Economic data about the Eurozone
The ECB provides extensive statistics and information about macroeconomic indicators. The most recent data available is to be obtained from its Statistics Bulletin as well as the charts generated from this data (European Central Bank, 2015). Below is included the inflation rate per country as of March 2015. As can be seen, inflation rates vary widely between countries: Romania and Austria show inflation rates of respectively 0.8% and 0.9%, while on the other hand Greece and Cyprus both report deflation rates of -1.9% and -1.4% respectively. Having a look at the distribution of the results shows a large disparity between countries. Hence we can reach a first conclusion with regards to our problematic: the risk of deflation in the Euro area is highly country-specific. It is therefore hard to assess “the risk of deflation in the Euro area” without discussing specific countries.

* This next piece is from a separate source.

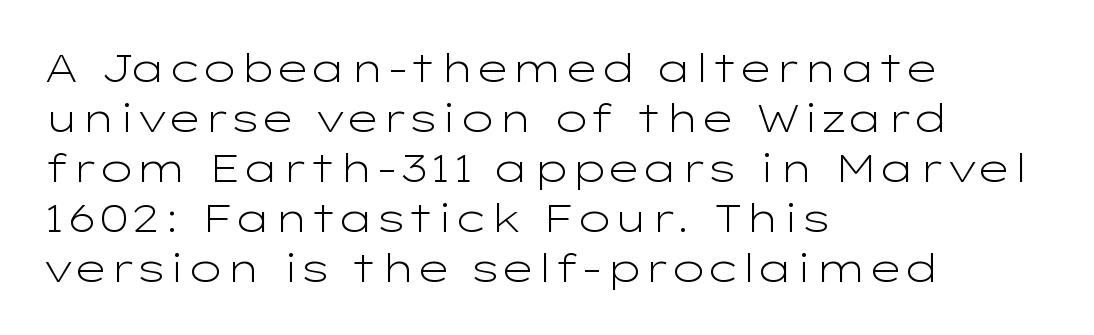
What kind of face is this? One without serifs — a sans. Evenly set lines give the paragraph a standard silhouette. Descenders hang freely into open space. No extra ink here — the face is not bold.

This fact proves challenging for setting an appropriate response to structural problems: as situations and risks are country-specific, measures such as monetary policies are applied to all countries of the Euro area. It is thus not possible to “fine tune” these policy changes for the specificities of a particular geography or particular group of countries. It is not surprising to expect that it would be advantageous to apply different monetary policies for the PIGS countries, whose problems are exacerbated, compared to more stable countries as Germany. Overall, we can observe that countries with inflation only experience relatively moderate levels of inflation (i.e. under 1%) while countries experiencing deflation report strong decreases: Poland and Cyprus see decreases greater than 1%, while Greece almost reaches a decrease of 2%. This analysis of the data highlights an asymmetry between positive and negative rates of inflation in the EU: countries with negative results have more impact that countries with positive results. We therefore assess the risk of overall deflation as relatively strong, with the expectation that it would be driven by specific countries overall, thus not driven equally by all countries in the Euro area. The highest perceived risk of course comes from Greece, which recent political changes and negotiations notably with German creditors have been widely publicized in the press.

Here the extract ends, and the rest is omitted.